**REQUIREMENT**
Exactly repeat all the records below, omitting the images they hold.

**Dataset items**
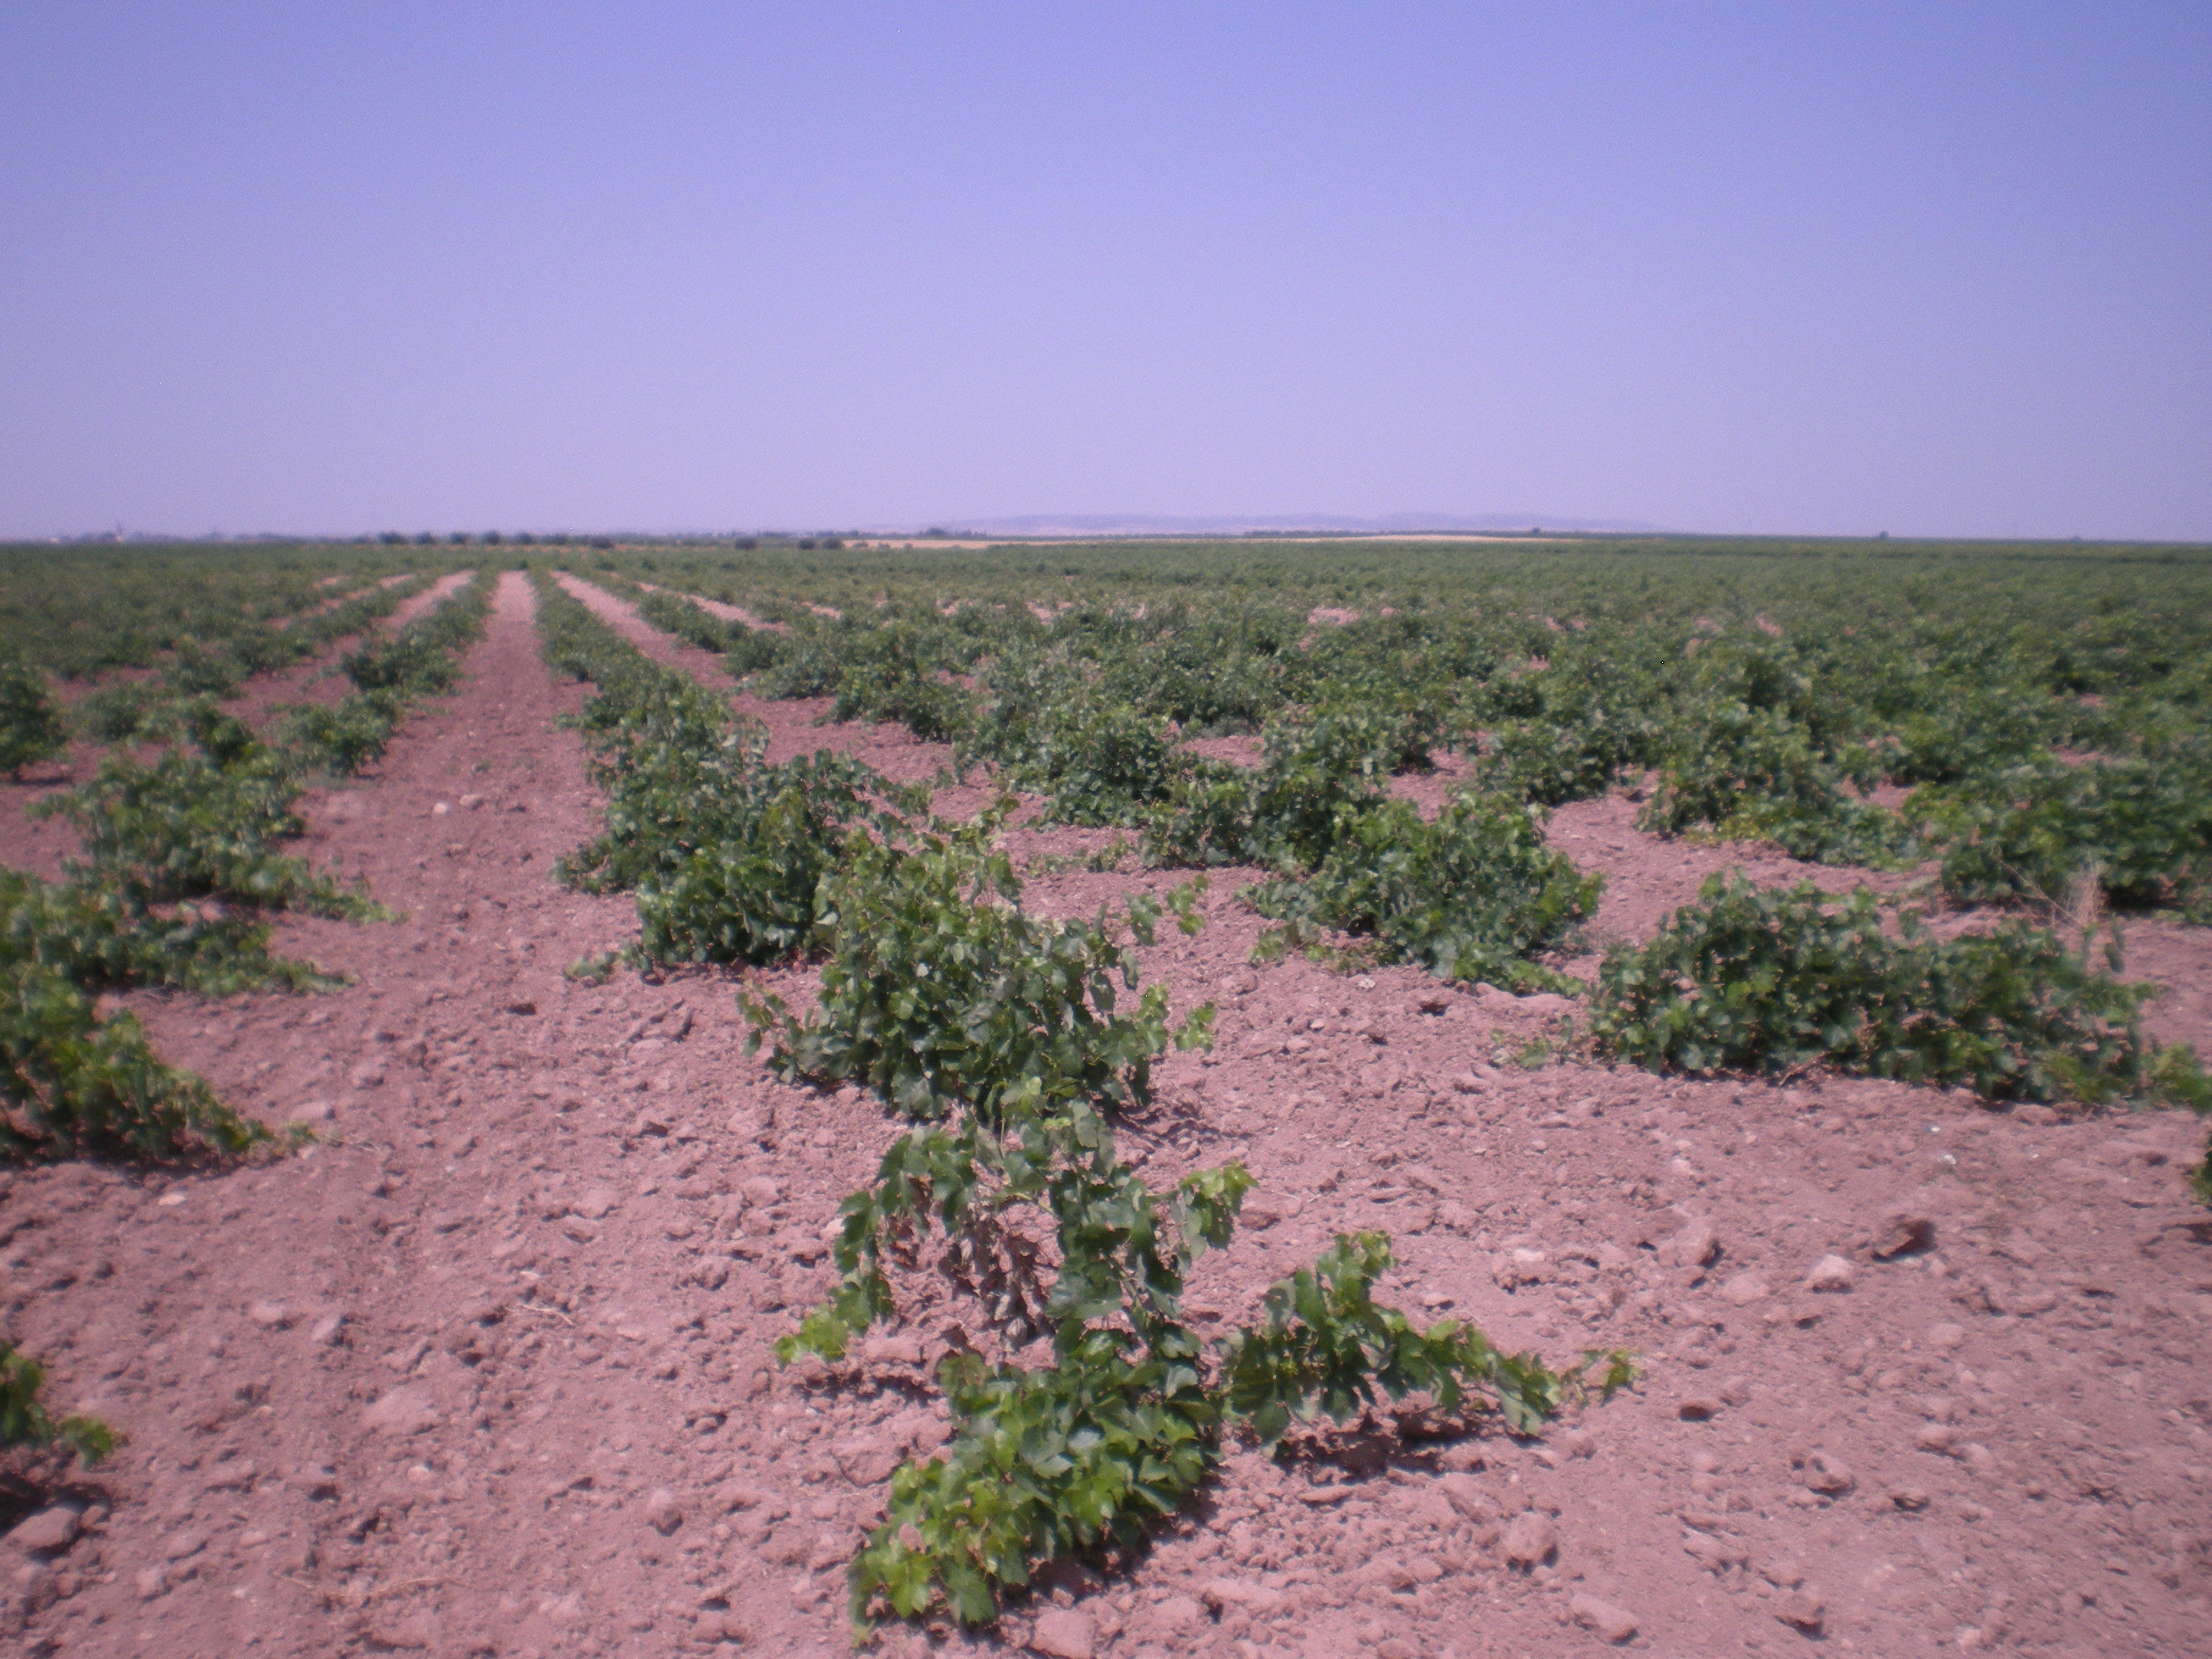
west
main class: Cropland
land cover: Vineyards
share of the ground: 10 - 25 %
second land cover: Other bare soil
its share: > 75 %
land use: Agriculture (excluding fallow land and kitchen gardens)
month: June
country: ES
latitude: 39.6310
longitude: -3.1745
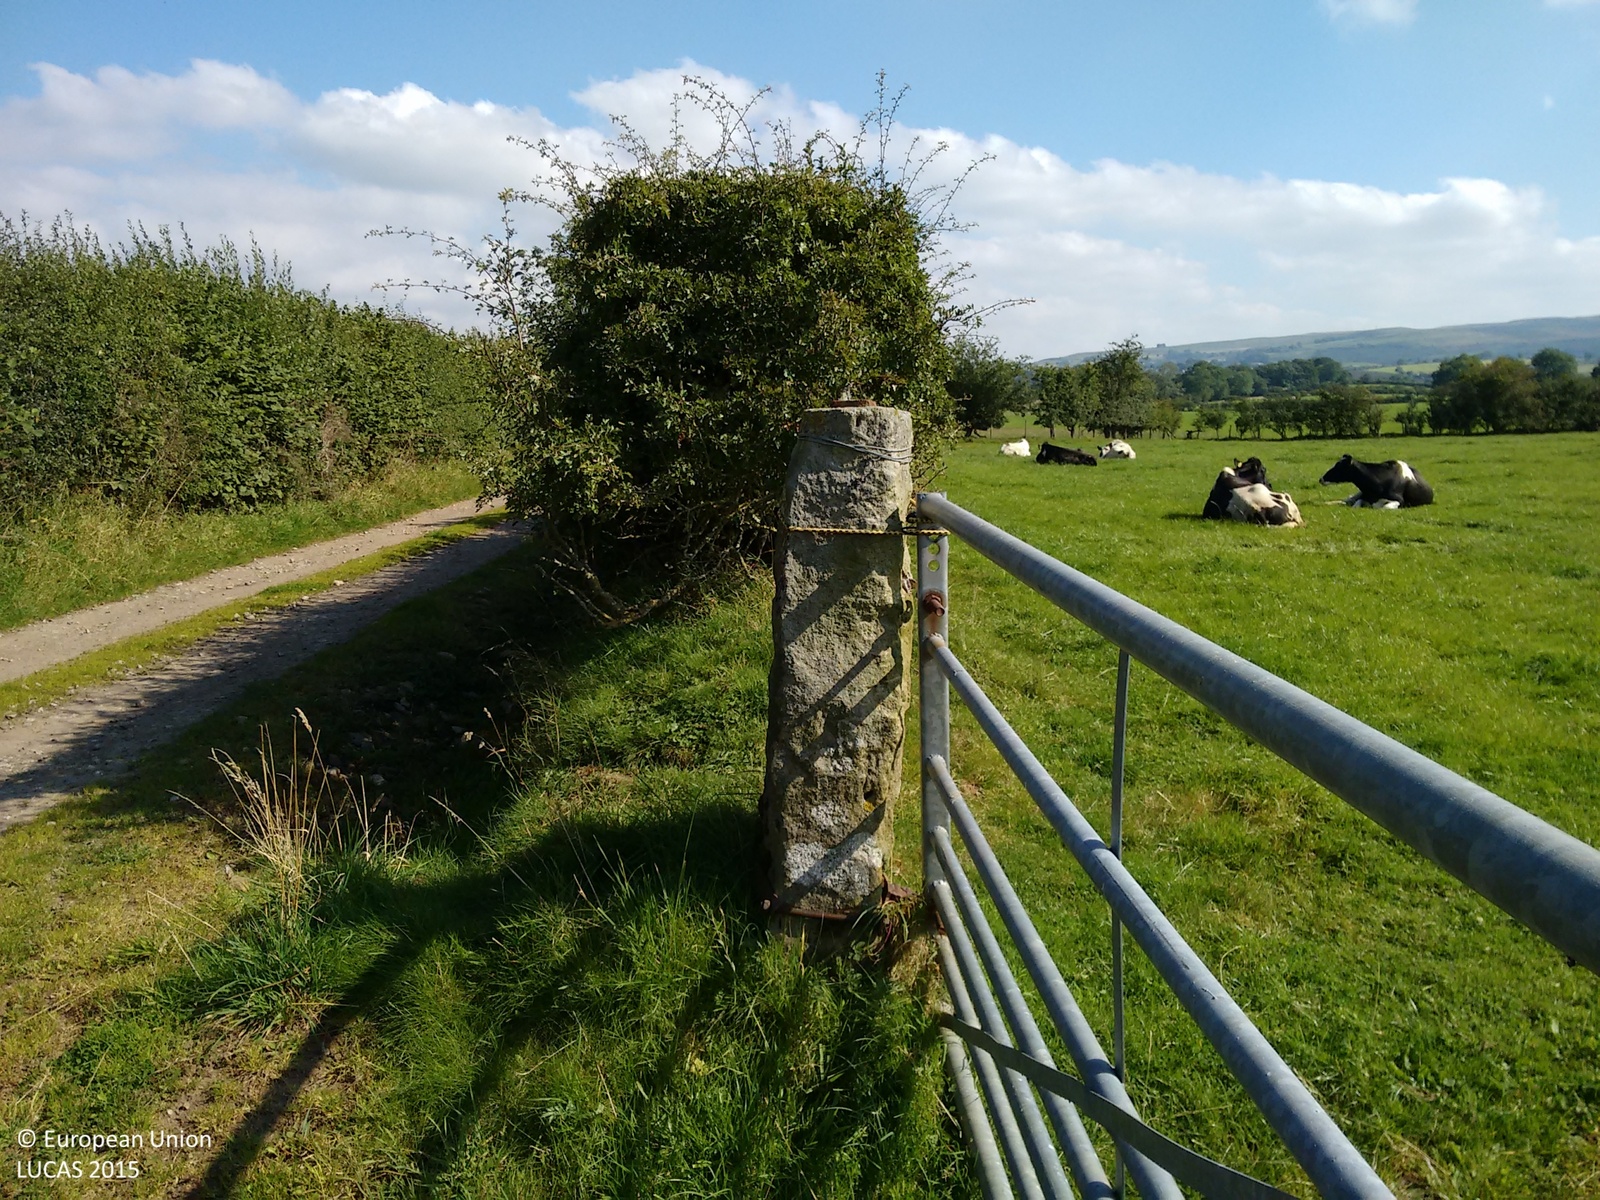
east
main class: Grassland
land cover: Grassland without tree/shrub cover
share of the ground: > 75 %
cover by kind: herbaceous plants 100 %
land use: Agriculture (excluding fallow land and kitchen gardens)
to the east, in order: Grassland without tree/shrub cover; Managed hedges; Fences; Grassland without tree/shrub cover
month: September
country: GB
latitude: 54.5003
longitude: -2.3057
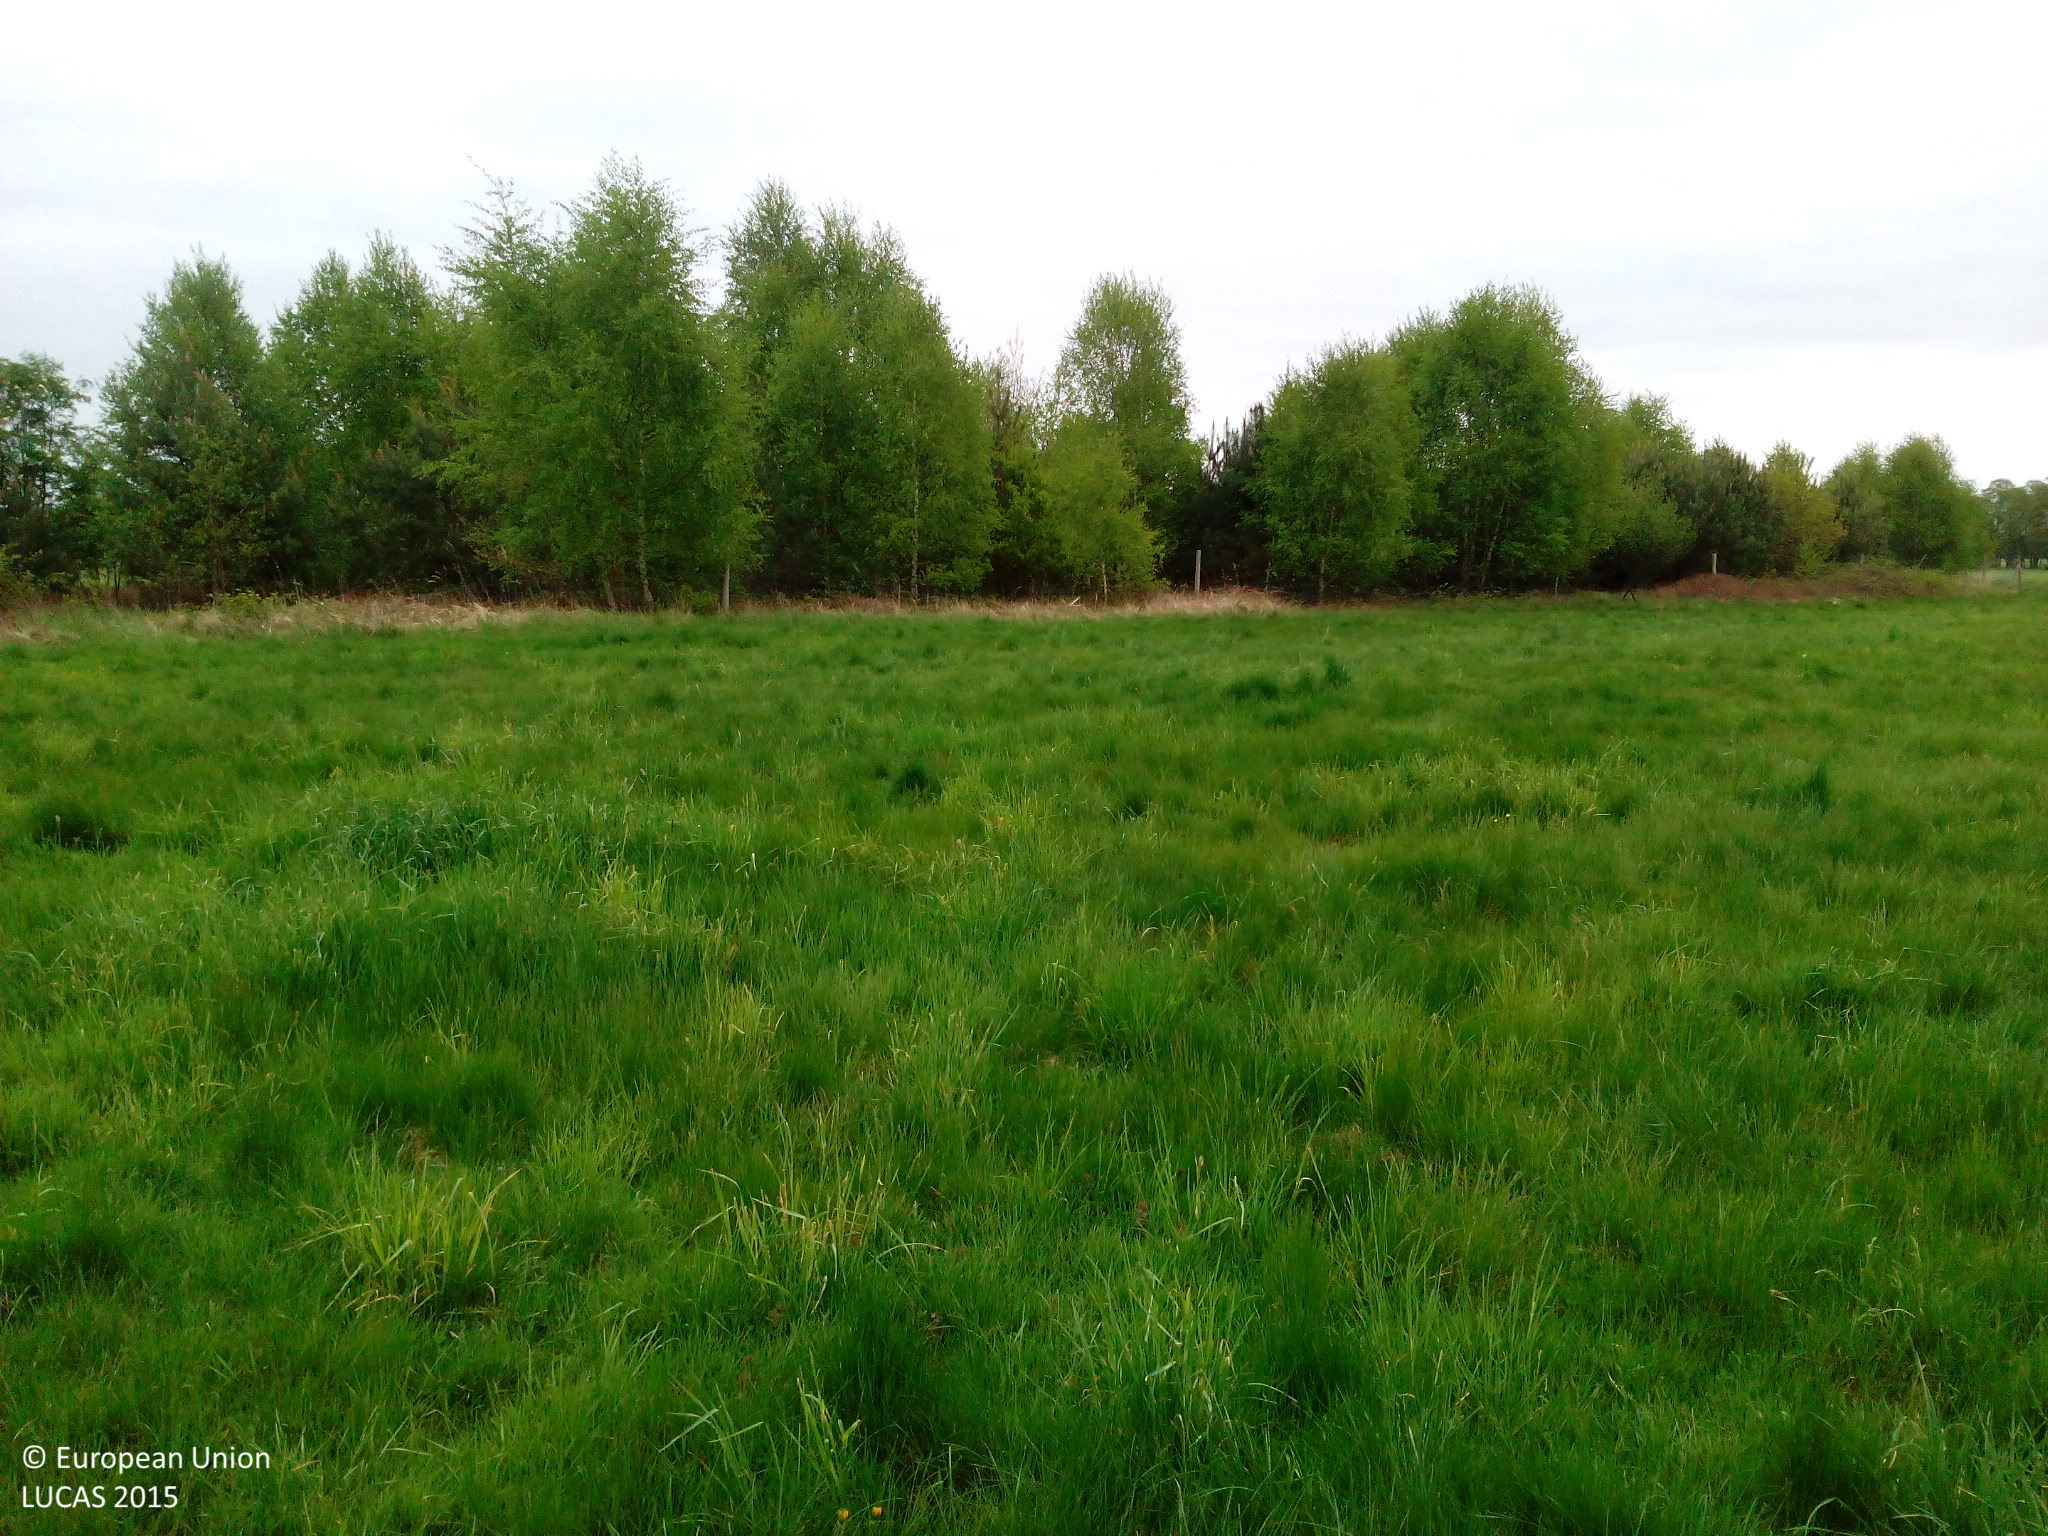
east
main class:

**YOUR RESPONSE**
west
main class: Cropland
land cover: Vineyards
share of the ground: 10 - 25 %
second land cover: Other bare soil
its share: > 75 %
land use: Agriculture (excluding fallow land and kitchen gardens)
month: June
country: ES
latitude: 39.6310
longitude: -3.1745
east
main class: Grassland
land cover: Grassland without tree/shrub cover
share of the ground: > 75 %
cover by kind: herbaceous plants 100 %
land use: Agriculture (excluding fallow land and kitchen gardens)
to the east, in order: Grassland without tree/shrub cover; Managed hedges; Fences; Grassland without tree/shrub cover
month: September
country: GB
latitude: 54.5003
longitude: -2.3057
east
main class:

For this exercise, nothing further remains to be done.